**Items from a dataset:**
- - -

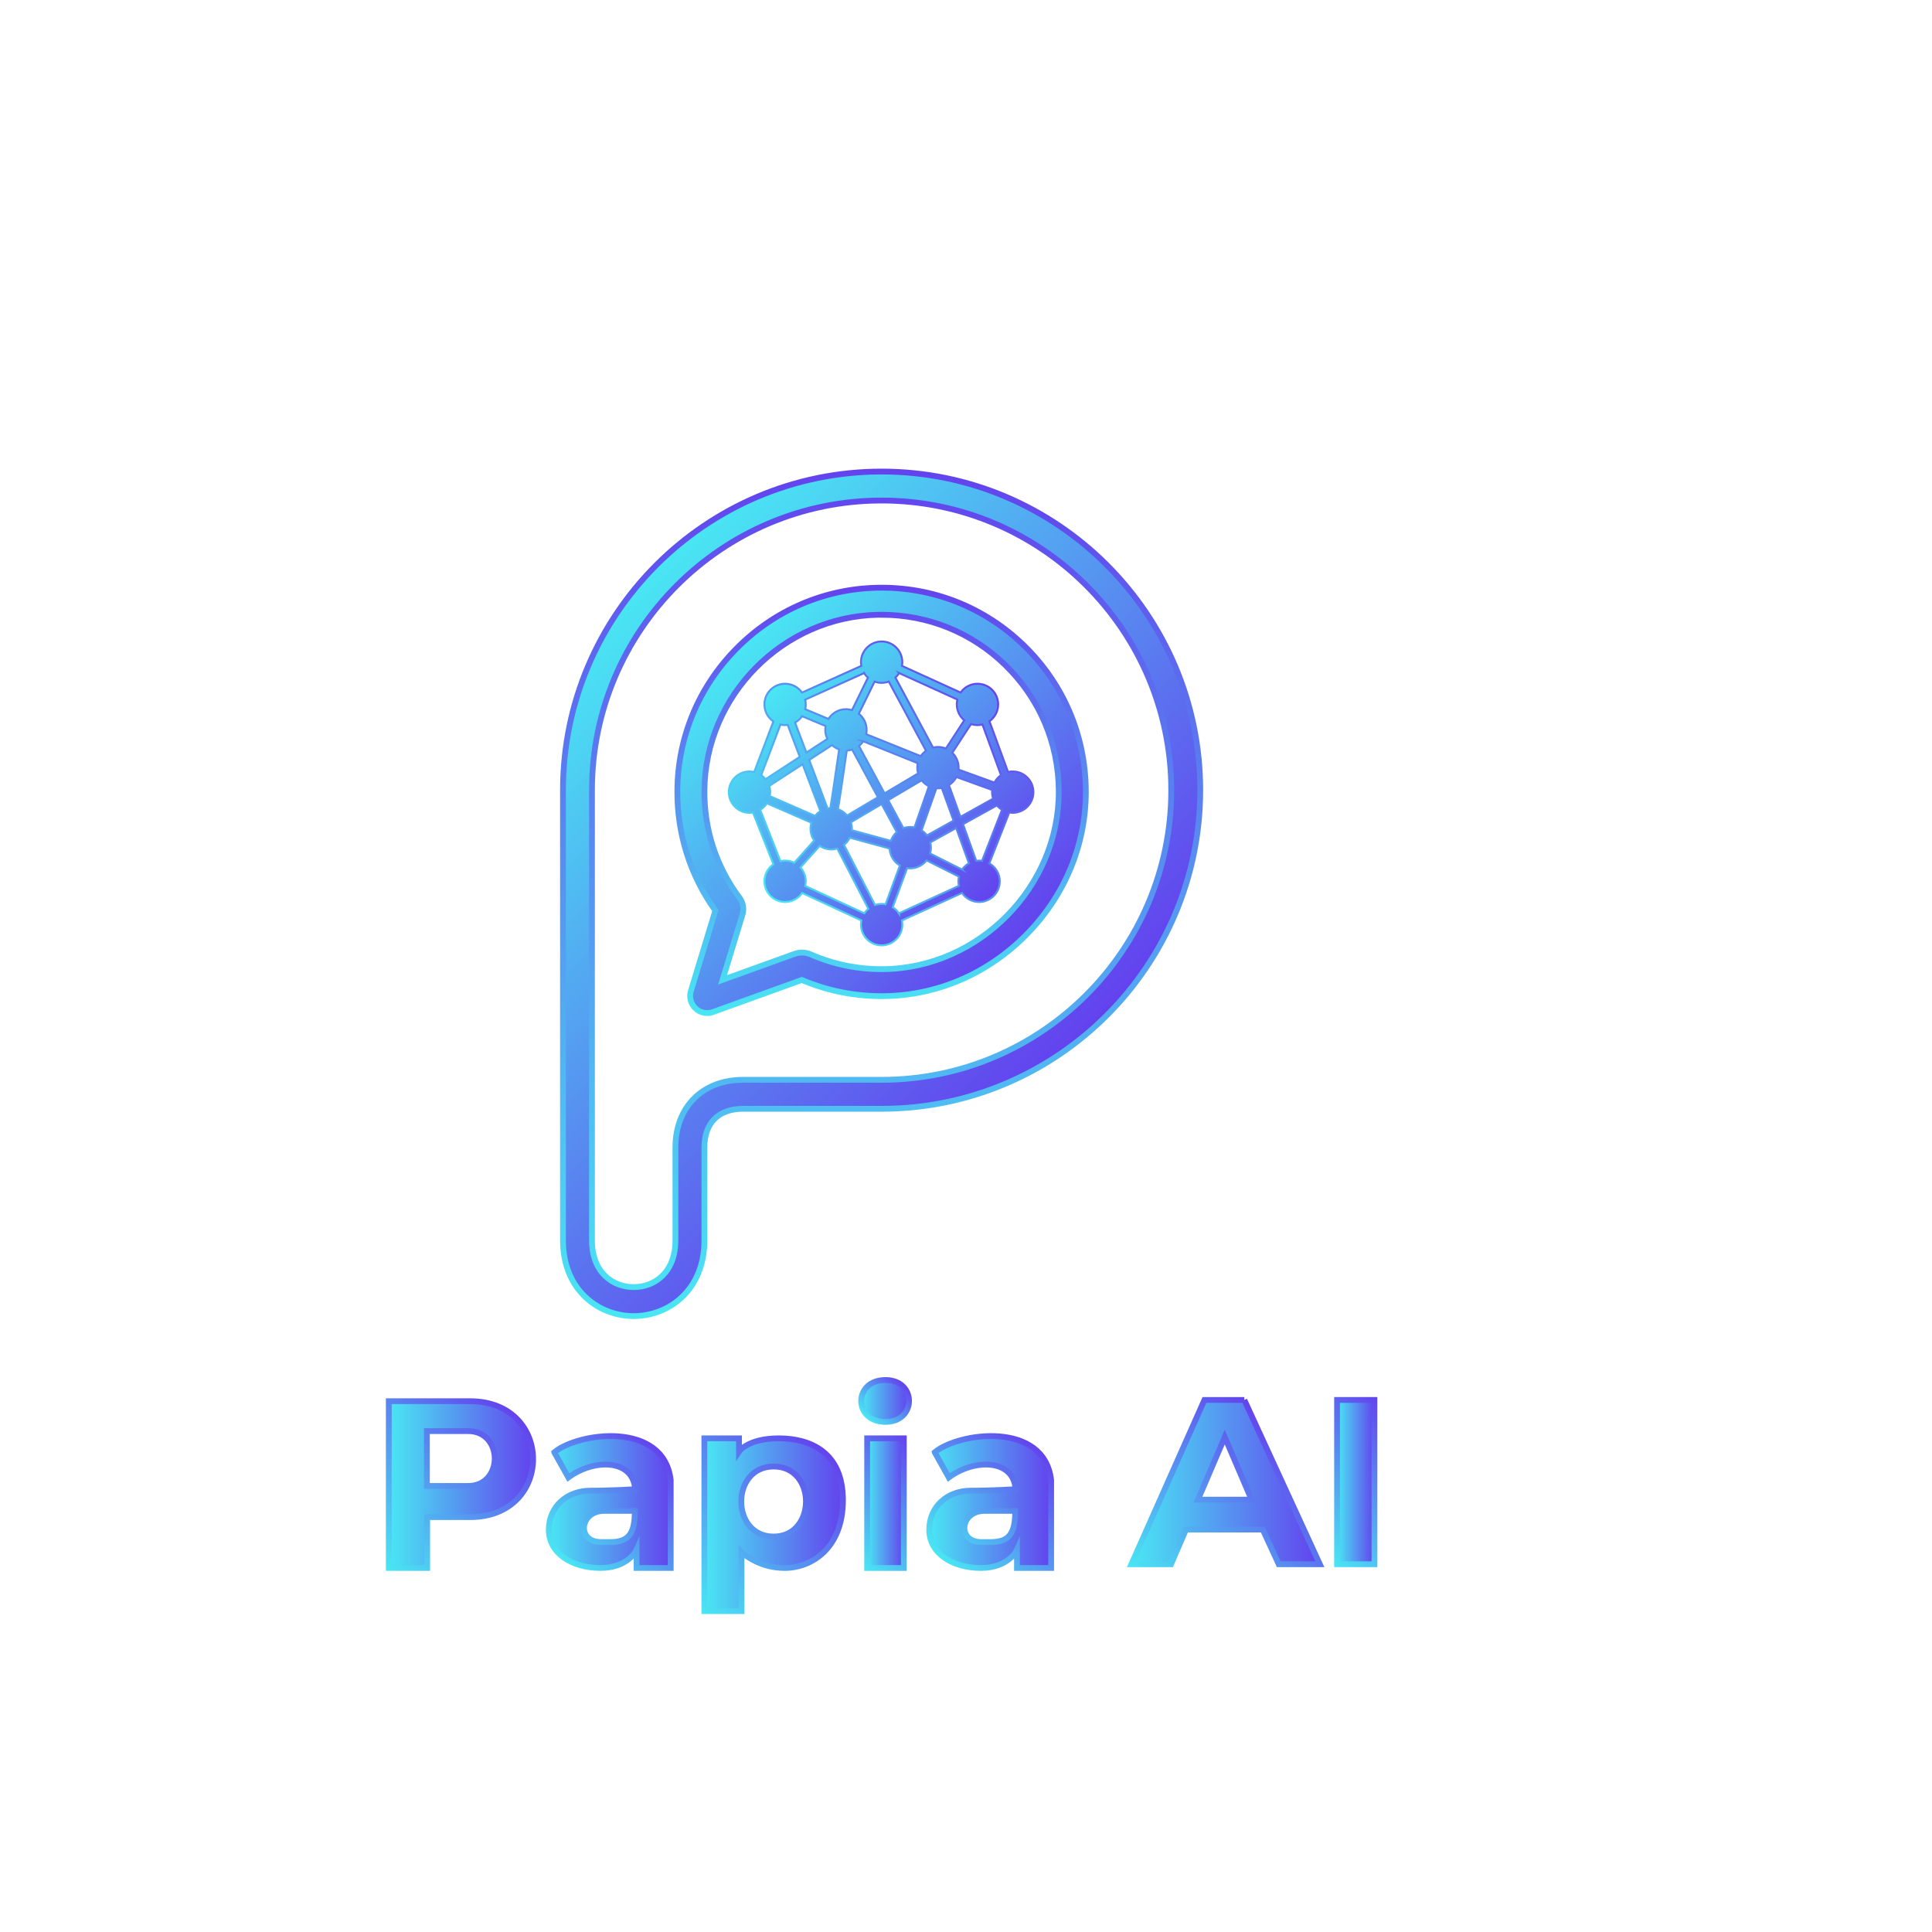 <?xml version="1.0" encoding="UTF-8"?>
<svg xmlns="http://www.w3.org/2000/svg" xmlns:xlink="http://www.w3.org/1999/xlink" viewBox="0 0 1000 1000">
  <defs>
    <style>
      .cls-1 {
        fill: url(#linear-gradient-21);
        stroke: url(#linear-gradient-22);
      }

      .cls-1, .cls-2, .cls-3, .cls-4, .cls-5, .cls-6, .cls-7, .cls-8, .cls-9, .cls-10 {
        stroke-width: 3px;
      }

      .cls-1, .cls-2, .cls-3, .cls-4, .cls-5, .cls-6, .cls-7, .cls-8, .cls-9, .cls-10, .cls-11 {
        stroke-miterlimit: 10;
      }

      .cls-2 {
        fill: url(#linear-gradient-13);
        stroke: url(#linear-gradient-14);
      }

      .cls-3 {
        fill: url(#linear-gradient);
        stroke: url(#linear-gradient-2);
      }

      .cls-4 {
        fill: url(#linear-gradient-9);
        stroke: url(#linear-gradient-10);
      }

      .cls-5 {
        fill: url(#linear-gradient-19);
        stroke: url(#linear-gradient-20);
      }

      .cls-6 {
        fill: url(#linear-gradient-15);
        stroke: url(#linear-gradient-16);
      }

      .cls-7 {
        fill: url(#linear-gradient-3);
        stroke: url(#linear-gradient-4);
      }

      .cls-8 {
        fill: url(#linear-gradient-17);
        stroke: url(#linear-gradient-18);
      }

      .cls-9 {
        fill: url(#linear-gradient-7);
        stroke: url(#linear-gradient-8);
      }

      .cls-10 {
        fill: url(#linear-gradient-11);
        stroke: url(#linear-gradient-12);
      }

      .cls-11 {
        fill: url(#linear-gradient-5);
        stroke: url(#linear-gradient-6);
      }
    </style>
    <linearGradient id="linear-gradient" x1="294.11" y1="338.08" x2="525.65" y2="569.62" gradientUnits="userSpaceOnUse">
      <stop offset="0" stop-color="#49e7f3"/>
      <stop offset="1" stop-color="#6342ee"/>
    </linearGradient>
    <linearGradient id="linear-gradient-2" x1="456.32" y1="682.7" x2="456.32" y2="242.57" gradientUnits="userSpaceOnUse">
      <stop offset="0" stop-color="#49e7f3"/>
      <stop offset="1" stop-color="#6342ee"/>
    </linearGradient>
    <linearGradient id="linear-gradient-3" x1="366.93" y1="349.95" x2="516.01" y2="499.03" xlink:href="#linear-gradient"/>
    <linearGradient id="linear-gradient-4" x1="456.31" y1="525.85" x2="456.31" y2="302.69" xlink:href="#linear-gradient-2"/>
    <linearGradient id="linear-gradient-5" x1="400.8" y1="355.04" x2="511.92" y2="466.15" xlink:href="#linear-gradient"/>
    <linearGradient id="linear-gradient-6" x1="400.65" y1="466.3" x2="512.06" y2="354.89" xlink:href="#linear-gradient-2"/>
    <linearGradient id="linear-gradient-7" x1="201.23" y1="768.42" x2="275.94" y2="768.42" xlink:href="#linear-gradient"/>
    <linearGradient id="linear-gradient-8" x1="185.64" y1="798.99" x2="259.95" y2="724.68" gradientUnits="userSpaceOnUse">
      <stop offset="0" stop-color="#49e7f3"/>
      <stop offset="1" stop-color="#6342ee"/>
    </linearGradient>
    <linearGradient id="linear-gradient-9" x1="284.06" y1="777.45" x2="347.16" y2="777.45" xlink:href="#linear-gradient-2"/>
    <linearGradient id="linear-gradient-10" x1="291.05" y1="807.99" x2="345.03" y2="754.02" xlink:href="#linear-gradient"/>
    <linearGradient id="linear-gradient-11" x1="480.97" y1="777.45" x2="544.06" y2="777.45" xlink:href="#linear-gradient"/>
    <linearGradient id="linear-gradient-12" x1="487.95" y1="807.99" x2="541.93" y2="754.02" xlink:href="#linear-gradient-2"/>
    <linearGradient id="linear-gradient-13" x1="364.58" y1="789.19" x2="436.32" y2="789.19" xlink:href="#linear-gradient"/>
    <linearGradient id="linear-gradient-14" x1="348.34" y1="820.66" x2="423.02" y2="745.98" xlink:href="#linear-gradient-2"/>
    <linearGradient id="linear-gradient-15" x1="448.84" y1="778.03" x2="467.81" y2="778.03" xlink:href="#linear-gradient"/>
    <linearGradient id="linear-gradient-16" x1="435.31" y1="801.05" x2="481.34" y2="755.02" xlink:href="#linear-gradient-8"/>
    <linearGradient id="linear-gradient-17" x1="445.74" y1="725.13" x2="470.52" y2="725.13" xlink:href="#linear-gradient"/>
    <linearGradient id="linear-gradient-18" x1="448.74" y1="734.56" x2="467.61" y2="715.7" xlink:href="#linear-gradient-8"/>
    <linearGradient id="linear-gradient-19" x1="585.61" y1="767.13" x2="683.16" y2="767.13" xlink:href="#linear-gradient"/>
    <linearGradient id="linear-gradient-20" x1="596.63" y1="824.47" x2="671.51" y2="749.59" xlink:href="#linear-gradient-2"/>
    <linearGradient id="linear-gradient-21" x1="692.06" y1="767.13" x2="711.42" y2="767.13" xlink:href="#linear-gradient"/>
    <linearGradient id="linear-gradient-22" x1="674.15" y1="794.73" x2="729.34" y2="739.53" xlink:href="#linear-gradient-2"/>
  </defs>
  <g id="Layer_2" data-name="Layer 2">
    <g>
      <path class="cls-3" d="M328,681.2c-18.19,0-36.6-13.46-36.6-39.18v-233.03c0-90.94,73.98-164.92,164.92-164.92s164.92,73.98,164.92,164.92-73.98,164.92-164.92,164.92h-71.74c-12.7,0-19.98,7.28-19.98,19.98v48.13c0,25.72-18.41,39.18-36.6,39.18ZM456.32,259.07c-82.67,0-149.92,67.25-149.92,149.92v233.03c0,16.7,10.85,24.18,21.6,24.18s21.6-7.48,21.6-24.18v-48.13c0-20.92,14.06-34.98,34.98-34.98h71.74c82.67,0,149.92-67.25,149.92-149.92s-67.25-149.92-149.92-149.92Z"/>
      <path class="cls-7" d="M366.04,524.35c-2.22,0-4.4-.84-6.07-2.44-2.44-2.32-3.35-5.76-2.37-8.98l12.67-41.59c-13.04-18.22-19.84-39.68-19.67-62.23.2-27.57,11.06-53.64,30.59-73.41,19.52-19.77,45.46-30.96,73.02-31.49,28.51-.58,55.47,10.09,75.88,29.98,20.41,19.9,31.75,46.55,31.93,75.04.17,27.75-10.74,54.21-30.72,74.51-19.98,20.3-46.27,31.61-74.02,31.86-14.68.12-28.88-2.68-42.26-8.37l-45.96,16.58c-.99.36-2.01.53-3.02.53ZM456.32,318.19c-.61,0-1.23,0-1.84.02-49.2.96-89.51,41.78-89.87,91.01-.15,20.2,6.14,39.39,18.19,55.52,1.84,2.46,2.41,5.68,1.51,8.61l-10.3,33.81,37.32-13.46c2.7-.98,5.65-.87,8.3.29,11.85,5.18,24.48,7.76,37.53,7.63,49.56-.45,91.17-42.71,90.86-92.29-.15-24.72-9.99-47.84-27.7-65.1-17.26-16.83-39.93-26.03-64-26.03Z"/>
      <path class="cls-11" d="M524.18,399.3c-.83,0-1.63.1-2.41.28l-9.62-26.26c2.72-1.94,4.5-5.12,4.5-8.71,0-5.91-4.8-10.71-10.71-10.71-3.61,0-6.8,1.8-8.74,4.55l-30.34-13.8c.11-.62.18-1.26.18-1.92,0-5.91-4.8-10.71-10.71-10.71s-10.71,4.8-10.71,10.71c0,.65.07,1.29.18,1.92l-30.67,13.82c-1.94-2.76-5.14-4.57-8.76-4.57-5.91,0-10.71,4.8-10.71,10.71,0,3.65,1.84,6.88,4.64,8.82l-9.94,26.16c-.78-.18-1.6-.29-2.43-.29-5.91,0-10.71,4.8-10.71,10.71s4.8,10.71,10.71,10.71c.61,0,1.21-.06,1.8-.16l10.58,26.78c-2.81,1.93-4.65,5.17-4.65,8.82,0,5.91,4.8,10.71,10.71,10.71,3.66,0,6.89-1.84,8.82-4.65l30.65,14.2c-.15.7-.22,1.43-.22,2.18,0,5.91,4.8,10.71,10.71,10.71s10.71-4.8,10.71-10.71c0-.74-.08-1.47-.22-2.17l31.11-14.23c1.93,2.82,5.17,4.68,8.84,4.68,5.91,0,10.71-4.8,10.71-10.71,0-3.97-2.18-7.44-5.4-9.29l10.31-26.32c.58.1,1.18.16,1.79.16,5.91,0,10.71-4.8,10.71-10.71s-4.8-10.71-10.71-10.71ZM518.1,401.21c-1.43.99-2.6,2.31-3.41,3.85l-18.56-6.73c.03-.33.05-.66.05-1,0-3.02-1.26-5.74-3.27-7.69l9.69-14.86c1.05.35,2.17.54,3.34.54.88,0,1.74-.12,2.56-.32l9.6,26.21ZM497.96,450.08l-16.54-8.3c.28-.96.44-1.98.44-3.03,0-.94-.13-1.84-.36-2.71l13.42-7.46,6.58,18.26c-1.41.8-2.62,1.91-3.55,3.23ZM479.78,432.42c-.76-1.03-1.69-1.93-2.77-2.63l7.65-21.79c.27.02.54.04.82.04.68,0,1.34-.07,1.98-.19l6.1,16.92-13.78,7.65ZM456.32,467.89c-1.18,0-2.32.2-3.39.56l-16.05-31.12c1.26-1,2.28-2.29,2.98-3.75l20.6,5.62c.16,3.75,2.25,7,5.31,8.79l-7.41,20.1c-.66-.13-1.34-.2-2.04-.2ZM398.15,406.82l17.27-11.24,9.2,24.27c-1.05.65-1.99,1.47-2.76,2.44l-23.43-10.22c.13-.66.2-1.35.2-2.05,0-1.11-.17-2.19-.49-3.2ZM415.15,370.72l12.19,5.09c-.12.64-.19,1.3-.19,1.97,0,1.68.4,3.26,1.09,4.67l-10.84,7.06-5.88-15.51c1.45-.8,2.69-1.93,3.63-3.28ZM456.32,353.45c1.3,0,2.55-.25,3.7-.67l19.27,35.83c-1.06.75-1.98,1.68-2.7,2.76l-28.25-11.35c.15-.72.23-1.46.23-2.22,0-3.39-1.58-6.4-4.04-8.37l8.16-16.62c1.14.41,2.36.65,3.63.65ZM471.16,428.04c-1.25,0-2.44.23-3.56.62l-7.85-14.52,17.29-10.24c1,1.28,2.28,2.33,3.75,3.05l-7.48,21.31c-.7-.14-1.41-.22-2.15-.22ZM461.06,435.22l-20.16-5.5c.02-.25.04-.5.04-.75,0-1.17-.2-2.29-.54-3.35l15.91-9.43,7.84,14.49c-1.39,1.21-2.46,2.77-3.08,4.54ZM438.29,388.47c.96-.04,1.9-.19,2.78-.47l13.33,24.66-15.95,9.45c-1.24-1.49-2.88-2.63-4.75-3.27.69-3.73,1.95-11.93,4.59-30.37ZM446.79,383.69l28.23,11.35c-.16.74-.25,1.51-.25,2.29,0,1.04.16,2.05.44,3l-17.36,10.29-13.25-24.51c.85-.69,1.59-1.5,2.2-2.42ZM430.64,385.67c1.06.97,2.31,1.73,3.69,2.22-1.5,10.44-3.66,25.13-4.57,30.39-.48.02-.95.07-1.41.15l-9.51-25.08,11.79-7.68ZM491.18,406.38c1.63-1.03,2.96-2.48,3.84-4.2l18.52,6.71c-.04.37-.06.74-.06,1.12,0,1.18.2,2.32.56,3.38l-16.93,9.41-5.92-16.42ZM465.4,348.39l30.14,13.7c-.2.81-.31,1.65-.31,2.52,0,3.3,1.51,6.26,3.86,8.23l-9.52,14.6c-1.26-.52-2.64-.82-4.09-.82-.87,0-1.72.12-2.53.32l-19.49-36.23c.75-.67,1.41-1.45,1.95-2.31ZM447.24,348.39c.55.88,1.22,1.67,2,2.36l-8.25,16.8c-.99-.3-2.04-.47-3.13-.47-3.81,0-7.16,2.01-9.05,5.02l-12.03-5.02c.19-.79.29-1.61.29-2.45s-.11-1.69-.31-2.49l30.47-13.73ZM403.96,375.04c.77.18,1.57.28,2.4.28.46,0,.9-.04,1.34-.09l6.26,16.52-17.72,11.54c-.64-.79-1.39-1.48-2.22-2.06l9.94-26.18ZM393.47,419.16c1.4-.85,2.59-2.01,3.47-3.38l23.04,10.05c-.3.99-.47,2.04-.47,3.13,0,2.26.71,4.36,1.91,6.09l-10.31,11.53c-1.43-.71-3.04-1.12-4.75-1.12-.82,0-1.62.1-2.39.28l-10.5-26.58ZM416.79,458.56c.18-.77.28-1.57.28-2.4,0-2.75-1.05-5.26-2.77-7.16l9.97-11.15c1.7,1.14,3.75,1.81,5.95,1.81,1.09,0,2.14-.17,3.13-.47l16.09,31.2c-.8.67-1.49,1.45-2.07,2.33l-30.58-14.16ZM465.27,472.74c-.83-1.26-1.92-2.34-3.2-3.15l7.47-20.26c.53.08,1.06.13,1.61.13,3.42,0,6.47-1.62,8.43-4.13l16.76,8.41c-.18.78-.29,1.59-.29,2.42s.1,1.6.27,2.36l-31.05,14.21ZM508.29,445.58c-.5-.07-1.01-.12-1.53-.12s-.98.05-1.46.11l-6.83-18.96,17.51-9.73c.75.9,1.66,1.66,2.66,2.27l-10.35,26.42Z"/>
    </g>
  </g>
  <g id="text">
    <g>
      <path class="cls-9" d="M243.29,725.26h-42.06v86.32h19.87v-26.32h22.19c43.53,0,43.53-60,0-60ZM242.26,769.13h-21.29v-28.39h21.29c18.41,0,18.41,28.39,0,28.39Z"/>
      <path class="cls-4" d="M286.9,751.71l7.28,13.03c13.24-9.81,33.49-9.67,34.56,6.06,0,0-11.51.77-23.26.77s-21.42,8-21.42,20.26,12.13,19.74,26.71,19.74,18.71-9.42,18.71-9.42v9.42h17.68v-45.55c-3.74-30.71-47.87-24.65-60.26-14.32ZM316.01,798.16h-4.98c-12.73,0-11.05-16.13,1.68-16.13h15.87c0,11.45-2.97,16.13-12.57,16.13Z"/>
      <path class="cls-10" d="M483.81,751.71l7.28,13.03c13.24-9.81,33.49-9.67,34.56,6.06,0,0-11.51.77-23.26.77s-21.42,8-21.42,20.26,12.13,19.74,26.71,19.74,18.71-9.42,18.71-9.42v9.42h17.68v-45.55c-3.74-30.71-47.87-24.65-60.26-14.32ZM512.91,798.16h-4.98c-12.73,0-11.05-16.13,1.68-16.13h15.87c0,11.45-2.97,16.13-12.57,16.13Z"/>
      <path class="cls-2" d="M403.16,744.48c-16.13,0-20.65,6.84-20.65,6.84v-6.84h-17.94v89.42h19.23v-30.58s8.39,8.26,22.32,8.26,30.19-10.19,30.19-35.1-17.03-32-33.16-32ZM400.45,795.32c-22.37,0-22.37-36.26,0-36.26s22.19,36.26,0,36.26Z"/>
      <rect class="cls-6" x="448.84" y="744.48" width="18.97" height="67.1"/>
      <path class="cls-8" d="M458.32,714.29c16.26,0,16.26,21.68,0,21.68-16.77,0-16.77-21.68,0-21.68Z"/>
      <path class="cls-5" d="M644.06,724.61h-20.65l-37.81,85.03h20.52l7.74-17.94h39.74l8.26,17.94h21.29l-39.1-85.03ZM620.06,776.23l13.87-32.39,13.87,32.39h-27.74Z"/>
      <rect class="cls-1" x="692.06" y="724.61" width="19.35" height="85.03"/>
    </g>
  </g>
</svg>

- - -

**To do:**
For this exercise, copy each line of the data above exactly, from the first through the line containing "fill: url(#linear-gradient-19);", and drop the pictures.

**Expected answer:**
 <?xml version="1.0" encoding="UTF-8"?>
<svg xmlns="http://www.w3.org/2000/svg" xmlns:xlink="http://www.w3.org/1999/xlink" viewBox="0 0 1000 1000">
  <defs>
    <style>
      .cls-1 {
        fill: url(#linear-gradient-21);
        stroke: url(#linear-gradient-22);
      }

      .cls-1, .cls-2, .cls-3, .cls-4, .cls-5, .cls-6, .cls-7, .cls-8, .cls-9, .cls-10 {
        stroke-width: 3px;
      }

      .cls-1, .cls-2, .cls-3, .cls-4, .cls-5, .cls-6, .cls-7, .cls-8, .cls-9, .cls-10, .cls-11 {
        stroke-miterlimit: 10;
      }

      .cls-2 {
        fill: url(#linear-gradient-13);
        stroke: url(#linear-gradient-14);
      }

      .cls-3 {
        fill: url(#linear-gradient);
        stroke: url(#linear-gradient-2);
      }

      .cls-4 {
        fill: url(#linear-gradient-9);
        stroke: url(#linear-gradient-10);
      }

      .cls-5 {
        fill: url(#linear-gradient-19);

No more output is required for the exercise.